- EXERCISE BRIEF: Write out, word for word, every line in the data below from the one containing "key: PII_CARD_NUMBER" to the one containing "key: ORDER_TOTAL", both of them included.

Collected data

▼▼▼

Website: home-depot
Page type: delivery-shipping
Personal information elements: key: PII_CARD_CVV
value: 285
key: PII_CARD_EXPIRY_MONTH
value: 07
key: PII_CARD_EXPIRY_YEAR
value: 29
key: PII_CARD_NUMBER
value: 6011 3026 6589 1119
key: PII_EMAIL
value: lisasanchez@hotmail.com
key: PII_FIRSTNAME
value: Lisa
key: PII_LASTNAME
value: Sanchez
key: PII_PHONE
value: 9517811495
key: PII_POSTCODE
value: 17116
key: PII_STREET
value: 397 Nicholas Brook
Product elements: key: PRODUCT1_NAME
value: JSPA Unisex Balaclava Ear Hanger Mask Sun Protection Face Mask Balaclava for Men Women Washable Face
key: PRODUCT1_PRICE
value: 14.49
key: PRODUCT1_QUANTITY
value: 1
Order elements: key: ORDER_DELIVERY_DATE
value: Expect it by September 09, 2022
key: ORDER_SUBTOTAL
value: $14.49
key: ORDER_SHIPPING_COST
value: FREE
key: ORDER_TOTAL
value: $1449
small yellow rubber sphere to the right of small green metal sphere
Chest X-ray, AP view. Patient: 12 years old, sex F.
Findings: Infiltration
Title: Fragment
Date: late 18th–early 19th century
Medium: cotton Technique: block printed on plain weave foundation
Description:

▲▲▲

- FINAL ANSWER:
key: PII_CARD_NUMBER
value: 6011 3026 6589 1119
key: PII_EMAIL
value: lisasanchez@hotmail.com
key: PII_FIRSTNAME
value: Lisa
key: PII_LASTNAME
value: Sanchez
key: PII_PHONE
value: 9517811495
key: PII_POSTCODE
value: 17116
key: PII_STREET
value: 397 Nicholas Brook
Product elements: key: PRODUCT1_NAME
value: JSPA Unisex Balaclava Ear Hanger Mask Sun Protection Face Mask Balaclava for Men Women Washable Face
key: PRODUCT1_PRICE
value: 14.49
key: PRODUCT1_QUANTITY
value: 1
Order elements: key: ORDER_DELIVERY_DATE
value: Expect it by September 09, 2022
key: ORDER_SUBTOTAL
value: $14.49
key: ORDER_SHIPPING_COST
value: FREE
key: ORDER_TOTAL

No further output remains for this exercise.